Ariel Meadow Stallings has written a good piece on “liberal bullying.” I thought this would be yet another “everyone needs to stop being so PC” type of post, but it isn’t:
I’m extra conflicted because I love observing and following the ways that language shifts. It’s exciting and fascinating to watch as the semantics of marginalized communities evolve. I recently had to talk to my aging lesbian mother and her partner about how the word “tranny” causes a lot of issues for folks in the transgender community. They’re totally aligned with the cause, and totally active in LGBT communities… and yet hadn’t gotten the latest memo.

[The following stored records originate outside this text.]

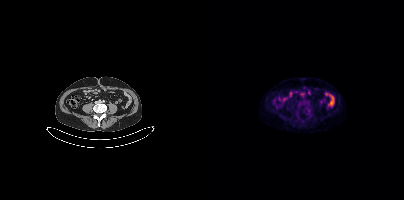
This slice has no annotated PSMA-avid lesion.
modality: PSMA PET/CT | tracer: 18F | view: axial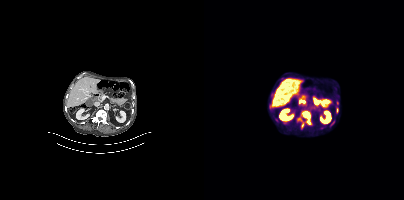
Technique: Left: CT. Right: PSMA PET, same axial level, [18F]PSMA-1007 tracer. slice 170 of 367. PET panel 200×200 px (4.1 mm/px).
Findings: Coordinates are on the 200×200 PET (right) panel. (showing 2 of 3 foci) PSMA-avid tumor lesion bounding box (x0, y0)-(x1, y1): (102, 115)-(106, 119). Small PSMA-avid focus (2 to 4 px across) near (center x, center y): (97, 126).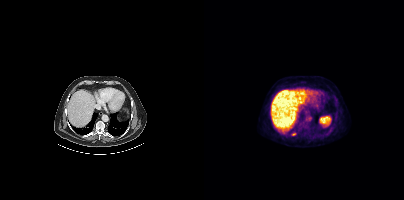
- Paired axial CT (left) and PSMA PET (right), 18F tracer
- slice position z = -1024 mm
- PET panel 200×200 px (4.1 mm/px)
Findings: Coordinates are on the 200×200 PET (right) panel. Small PSMA-avid focus (2 to 4 px across) near (center x, center y): (89, 134).
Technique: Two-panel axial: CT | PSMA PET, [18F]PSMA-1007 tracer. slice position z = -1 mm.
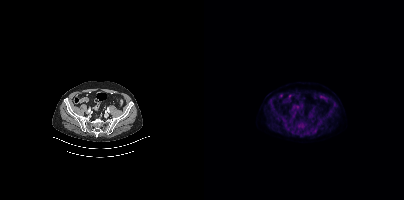
Findings: No tumor lesions annotated on this slice.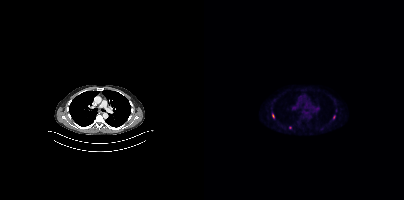
Coordinates are on the 200×200 PET (right) panel. (showing 3 of 4 foci) PSMA-avid tumor lesion bounding boxes (x0, y0)-(x1, y1): (68, 113)-(70, 118) | (129, 115)-(131, 119). Small PSMA-avid focus (2 to 4 px across) near (center x, center y): (86, 127). Paired axial CT (left) and PSMA PET (right), [18F]PSMA-1007 tracer. Acquired on Siemens Biograph mCT Flow 20.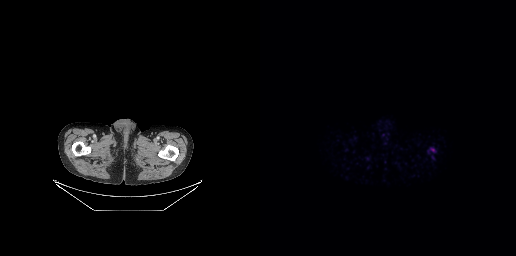
Technique: Two-panel axial: CT | PSMA PET, [68Ga]Ga-PSMA-11 tracer. PET panel 256×256 px (2.7 mm/px).
Findings: No tumor lesions annotated on this slice.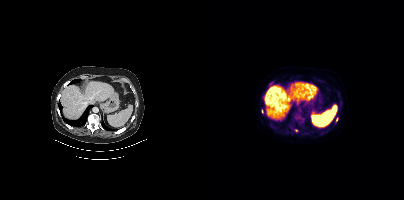
modality: PSMA PET/CT | tracer: [18F]PSMA-1007 | view: axial
Coordinates are on the 200×200 PET (right) panel. Small PSMA-avid foci (2 to 4 px across) near (center x, center y): (132, 119) / (92, 130) / (58, 111).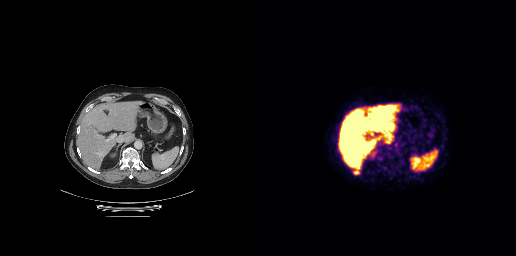
{"modality":"PSMA PET/CT","view":"axial","tracer":"18F","pet_grid":[256,256],"coord_frame":"pet_panel","coord_format":"x0,y0,x1,y1","lesion_bboxes":[[93,170,99,174]]}
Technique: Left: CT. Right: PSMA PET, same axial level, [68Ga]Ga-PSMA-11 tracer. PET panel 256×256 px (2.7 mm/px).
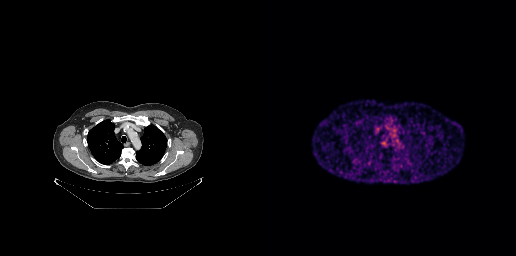
Findings: Negative for PSMA-avid disease on this slice.
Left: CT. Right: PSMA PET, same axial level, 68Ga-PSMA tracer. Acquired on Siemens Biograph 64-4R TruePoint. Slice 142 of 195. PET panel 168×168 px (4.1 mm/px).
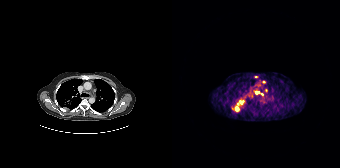
Coordinates are on the 168×168 PET (right) panel. (showing 5 of 6 foci) PSMA-avid tumor lesion bounding boxes (x0, y0)-(x1, y1): (60, 98)-(72, 111); (82, 90)-(91, 95). Small PSMA-avid foci (2 to 4 px across) near (center x, center y): (84, 76); (92, 82); (94, 90).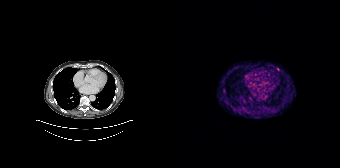
Left: CT. Right: PSMA PET, same axial level, 68Ga-PSMA tracer. Slice position z = -908 mm. No tumor lesions annotated on this slice.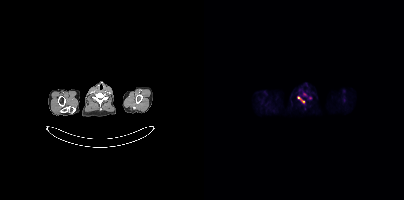
- Paired axial CT (left) and PSMA PET (right), 18F-PSMA tracer
- acquired on Siemens Biograph mCT Flow 20
- slice 345 of 403
Findings: Coordinates are on the 200×200 PET (right) panel. PSMA-avid tumor lesion bounding box (x0, y0)-(x1, y1): (93, 96)-(101, 103). Small PSMA-avid foci (2 to 4 px across) near (center x, center y): (100, 94) / (106, 97).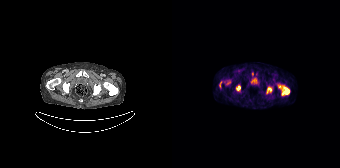
- Two-panel axial: CT | PSMA PET, [68Ga]Ga-PSMA-11 tracer
- PET panel 168×168 px (4.1 mm/px)
Findings: Coordinates are on the 168×168 PET (right) panel. (showing 5 of 7 foci) PSMA-avid tumor lesion bounding boxes (x0, y0)-(x1, y1): (106, 85)-(117, 95); (95, 87)-(99, 93); (64, 85)-(68, 90); (47, 82)-(49, 86). Small PSMA-avid focus (2 to 4 px across) near (center x, center y): (80, 74).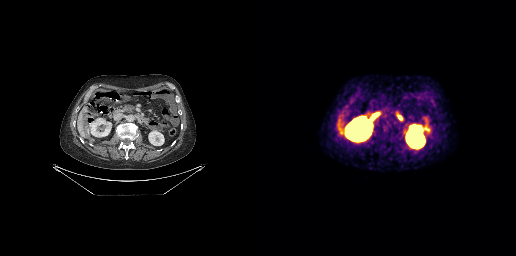
No tumor lesions annotated on this slice.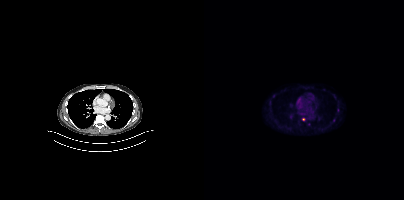
{"modality":"PSMA PET/CT","view":"axial","tracer":"[18F]PSMA-1007","pet_grid":[200,200],"coord_frame":"pet_panel","coord_format":"x0,y0,x1,y1","lesion_bboxes":[],"small_foci_centers":[[99,119]]}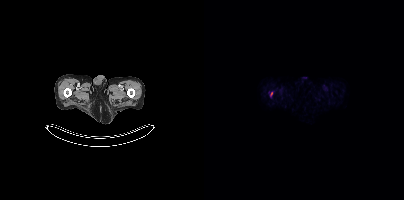
modality: PSMA PET/CT | tracer: [18F]PSMA-1007 | view: axial
Coordinates are on the 200×200 PET (right) panel. Small PSMA-avid focus (2 to 4 px across) near (center x, center y): (67, 93).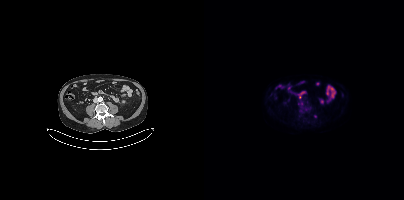
{"pet_grid":[200,200],"coord_frame":"pet_panel","coord_format":"x0,y0,x1,y1","lesion_bboxes":[[94,102,98,104]],"small_foci_centers":[[95,97]],"modality":"PSMA PET/CT","view":"axial","tracer":"[18F]PSMA-1007"}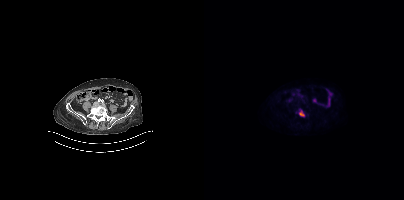
modality: PSMA PET/CT | tracer: 18F-PSMA | view: axial | PET grid: 200×200
Coordinates are on the 200×200 PET (right) panel. PSMA-avid tumor lesion bounding box (x0, y0)-(x1, y1): (95, 110)-(100, 116).
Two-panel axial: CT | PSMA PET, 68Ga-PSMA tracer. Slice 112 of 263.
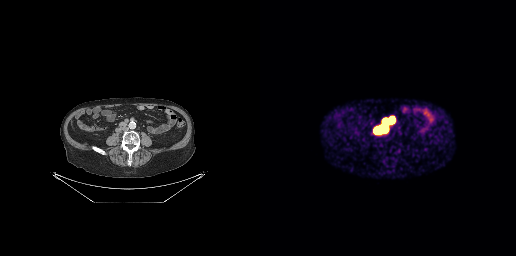
Coordinates are on the 256×256 PET (right) panel. PSMA-avid tumor lesion bounding boxes:
| # | x0 | y0 | x1 | y1 |
|---|---|---|---|---|
| 1 | 114 | 126 | 126 | 132 |
| 2 | 123 | 118 | 134 | 124 |
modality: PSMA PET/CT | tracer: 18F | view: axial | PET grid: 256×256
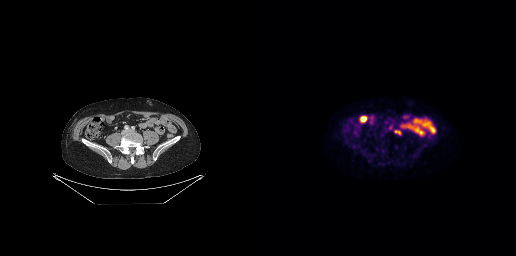
Coordinates are on the 256×256 PET (right) panel. PSMA-avid tumor lesion bounding box (x0, y0)-(x1, y1): (135, 131)-(140, 133).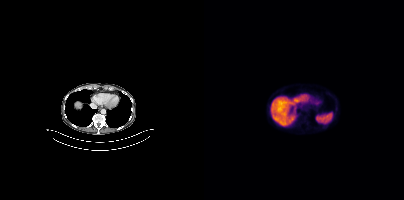
This slice has no annotated PSMA-avid lesion.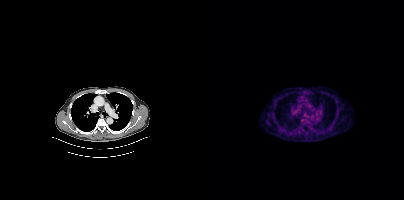
Findings: Coordinates are on the 200×200 PET (right) panel. PSMA-avid tumor lesion bounding box (x0,y0,x1,y1): [97,118,101,123].
Technique: Paired axial CT (left) and PSMA PET (right), 18F-PSMA tracer. acquired on Siemens Biograph mCT Flow 20. PET panel 200×200 px (4.1 mm/px).
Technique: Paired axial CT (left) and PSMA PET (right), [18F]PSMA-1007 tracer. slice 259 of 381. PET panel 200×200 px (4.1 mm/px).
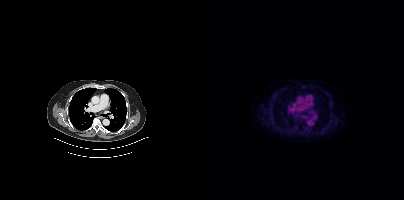
Findings: This slice has no annotated PSMA-avid lesion.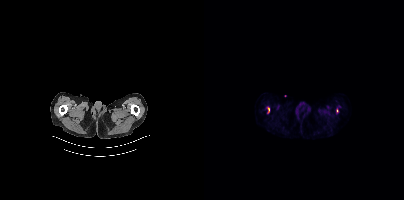
Technique: Paired axial CT (left) and PSMA PET (right), [18F]PSMA-1007 tracer. PET panel 200×200 px (4.1 mm/px).
Findings: Coordinates are on the 200×200 PET (right) panel. PSMA-avid tumor lesion bounding box (x0,y0,x1,y1): [63,107,65,113]. Small PSMA-avid focus (2 to 4 px across) near (center x, center y): (133, 110).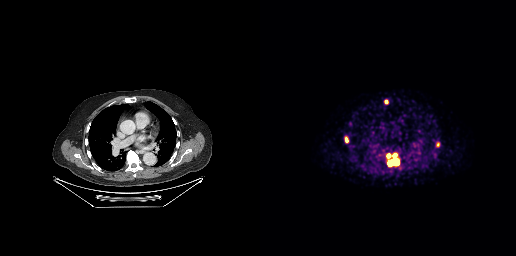
modality: PSMA PET/CT | tracer: 68Ga-PSMA | view: axial
Coordinates are on the 256×256 PET (right) panel. PSMA-avid tumor lesion bounding boxes (x, y, width, height): x=126 y=153 w=14 h=14; x=176 y=142 w=4 h=5. Small PSMA-avid foci (2 to 4 px across) near (center x, center y): (126, 101); (86, 140).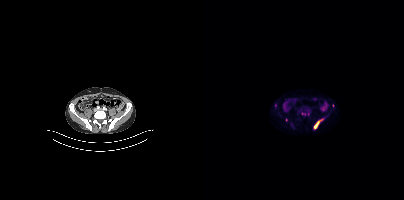
Coordinates are on the 200×200 PET (right) panel. (showing 1 of 2 foci) PSMA-avid tumor lesion bounding box (x0, y0)-(x1, y1): (110, 119)-(118, 128).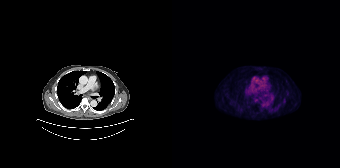
{"modality":"PSMA PET/CT","view":"axial","tracer":"18F-PSMA","pet_grid":[168,168],"coord_frame":"pet_panel","coord_format":"x0,y0,x1,y1","lesion_bboxes":[],"small_foci_centers":[[84,100]]}
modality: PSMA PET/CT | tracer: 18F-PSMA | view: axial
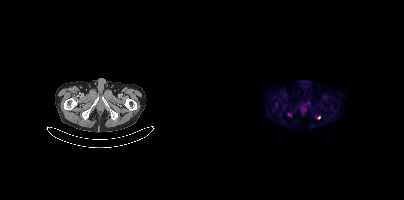
Coordinates are on the 200×200 PET (right) panel. Small PSMA-avid foci (2 to 4 px across) near (center x, center y): (85, 114), (115, 117).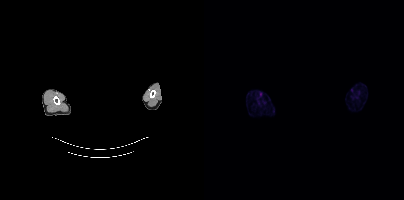
Two-panel axial: CT | PSMA PET, 18F tracer. Slice position z = 156 mm. A rectangle over the head was blacked out to remove identifiable facial features. This slice has no annotated PSMA-avid lesion.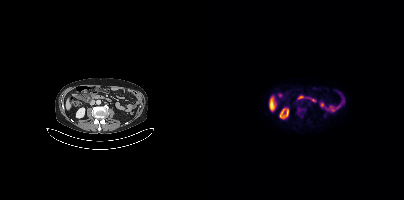
{"modality":"PSMA PET/CT","view":"axial","tracer":"[18F]PSMA-1007","pet_grid":[200,200],"coord_frame":"pet_panel","coord_format":"x0,y0,x1,y1","lesion_bboxes":[[94,108,98,111]]}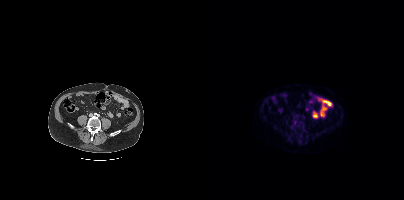
{"modality":"PSMA PET/CT","view":"axial","tracer":"18F","pet_grid":[200,200],"coord_frame":"pet_panel","coord_format":"x0,y0,x1,y1","partial":true,"lesion_bboxes":[]}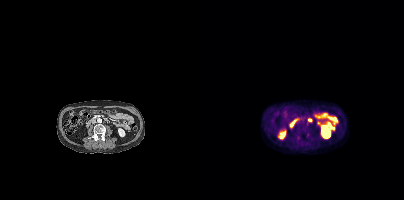
No PSMA-avid tumor lesions on this slice.
modality: PSMA PET/CT | tracer: [18F]PSMA-1007 | view: axial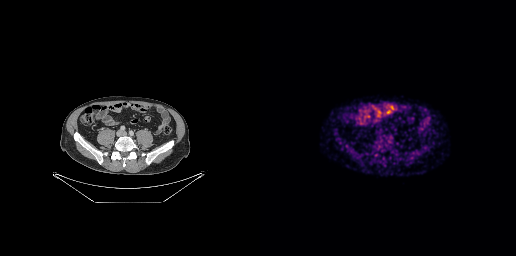
modality: PSMA PET/CT | tracer: 18F | view: axial | PET grid: 256×256
No PSMA-avid tumor lesions on this slice.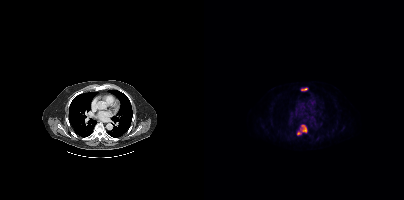
{"modality":"PSMA PET/CT","view":"axial","tracer":"18F","pet_grid":[200,200],"coord_frame":"pet_panel","coord_format":"x0,y0,x1,y1","lesion_bboxes":[[97,125,102,132],[97,88,103,90],[93,131,97,134]]}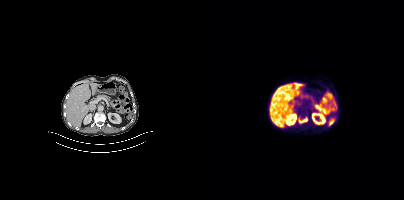
Coordinates are on the 200×200 PET (right) panel. PSMA-avid tumor lesion bounding box (x0, y0)-(x1, y1): (95, 117)-(103, 122).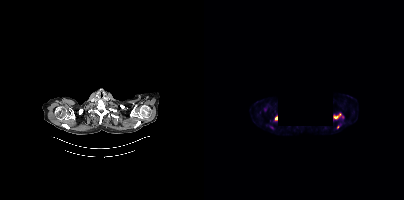
Findings: Coordinates are on the 200×200 PET (right) panel. PSMA-avid tumor lesion bounding boxes (x0, y0)-(x1, y1): (129, 113)-(137, 118) / (70, 115)-(73, 120). Small PSMA-avid foci (2 to 4 px across) near (center x, center y): (61, 109) / (133, 127).
Technique: Left: CT. Right: PSMA PET, same axial level, 18F-PSMA tracer. PET panel 200×200 px (4.1 mm/px).
Note: De-identified by setting a rectangular region to black.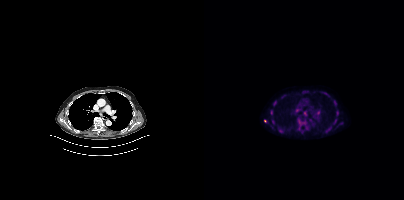
Two-panel axial: CT | PSMA PET, 18F tracer. Slice position z = -377 mm.
Coordinates are on the 200×200 PET (right) panel. PSMA-avid tumor lesion bounding boxes (partial; 1 more focus not listed):
| # | x0 | y0 | x1 | y1 |
|---|---|---|---|---|
| 1 | 94 | 118 | 101 | 123 |
| 2 | 132 | 111 | 134 | 115 |
| 3 | 130 | 100 | 132 | 105 |
| 4 | 70 | 101 | 72 | 105 |
| 5 | 67 | 110 | 68 | 114 |
Small PSMA-avid foci (2 to 4 px across) near (center x, center y): (61, 120); (69, 121).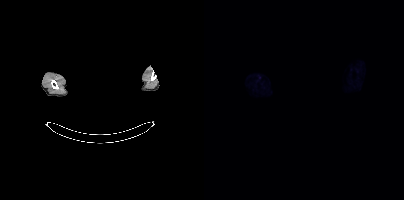
Face de-identified by blanking a block of the head.
Negative for PSMA-avid disease on this slice.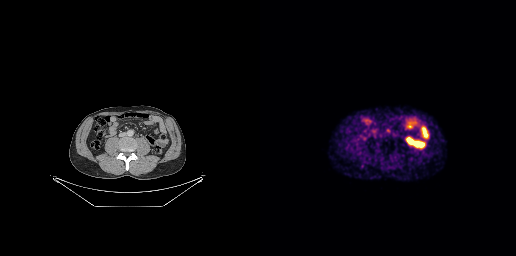
- Left: CT. Right: PSMA PET, same axial level, 68Ga-PSMA tracer
- acquired on GE Discovery 690
Findings: No tumor lesions annotated on this slice.
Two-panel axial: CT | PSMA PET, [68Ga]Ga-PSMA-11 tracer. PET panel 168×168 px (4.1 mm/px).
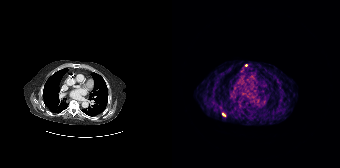
Only PSMA-avid lesion pieces thinner than 2 px on this slice (not listed).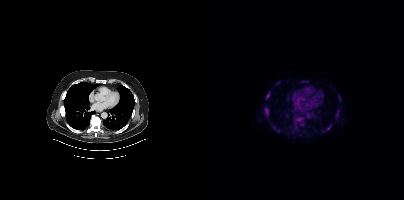
Technique: Paired axial CT (left) and PSMA PET (right), 18F-PSMA tracer. acquired on Siemens Biograph mCT Flow 20. slice position z = -947 mm.
Findings: Coordinates are on the 200×200 PET (right) panel. PSMA-avid tumor lesion bounding boxes (x0, y0)-(x1, y1): (90, 114)-(98, 124) / (60, 106)-(65, 116) / (61, 92)-(65, 99) / (131, 111)-(135, 117) / (98, 80)-(102, 83) / (67, 125)-(71, 128). Small PSMA-avid foci (2 to 4 px across) near (center x, center y): (74, 130) / (124, 128) / (135, 95) / (135, 101).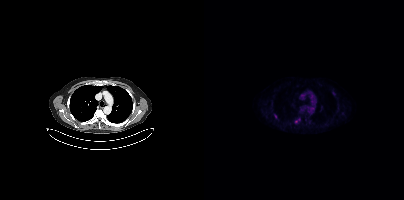
Coordinates are on the 200×200 PET (right) panel. (showing 1 of 2 foci) Small PSMA-avid focus (2 to 4 px across) near (center x, center y): (71, 116).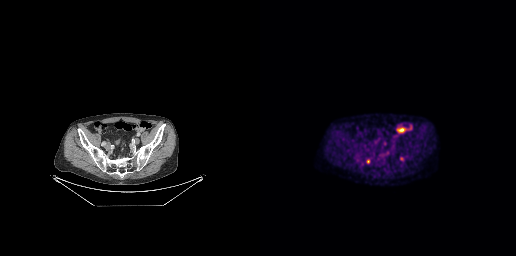
Two-panel axial: CT | PSMA PET, [18F]PSMA-1007 tracer. Slice 89 of 263. PET panel 256×256 px (2.7 mm/px). Coordinates are on the 256×256 PET (right) panel. PSMA-avid tumor lesion bounding boxes (x, y, width, height): x=140 y=157 w=5 h=5 | x=101 y=162 w=3 h=5. Small PSMA-avid focus (2 to 4 px across) near (center x, center y): (108, 161).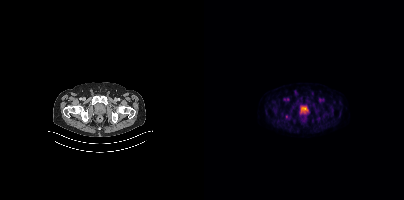
modality: PSMA PET/CT | tracer: [18F]PSMA-1007 | view: axial
Coordinates are on the 200×200 PET (right) panel. Small PSMA-avid focus (2 to 4 px across) near (center x, center y): (82, 116).
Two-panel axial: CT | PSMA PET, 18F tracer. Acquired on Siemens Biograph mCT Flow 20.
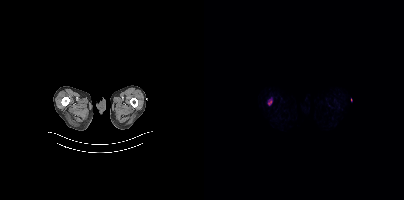
Coordinates are on the 200×200 PET (right) panel. PSMA-avid tumor lesion bounding box (x0, y0)-(x1, y1): (64, 100)-(68, 105).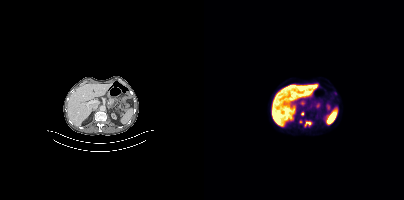
Coordinates are on the 200×200 PET (right) panel. (showing 3 of 4 foci) PSMA-avid tumor lesion bounding box (x0,y0,x1,y1): [102,121,107,124]. Small PSMA-avid foci (2 to 4 px across) near (center x, center y): (98, 113), (96, 121).

Instead, Stallings is writing about uncivil blog comments meant to publicly shame. Here’s how Stallings identifies this behavior:
- Focus on very public complaints. I can think of exactly one time when someone emailed their concern about problematic language. These complaints seem to be always intended for an audience.
- Lack of interest in a dialogue. These complaints aren’t questions or invitations to discuss the issue. They’re harshly-worded accusations and scoldings (which I’ve written about before).
- Lack of consideration for the context or intent. The focus is on this isolated incident (this one post, this one word, this one time), with de-emphasis on the author’s background, experience, or the context of the website on which the post appears.
- And on a more stylistic note, these complaints are often prefaced with phrases like “Um,” and other condescending affectations.
(via Al Billings)
I suspect this bullying is counter-productive — attacking someone puts them on the defensive, making them try to find ways to justify what they’ve written, even if it’s insensitive, and find ways to disagree with the attacker.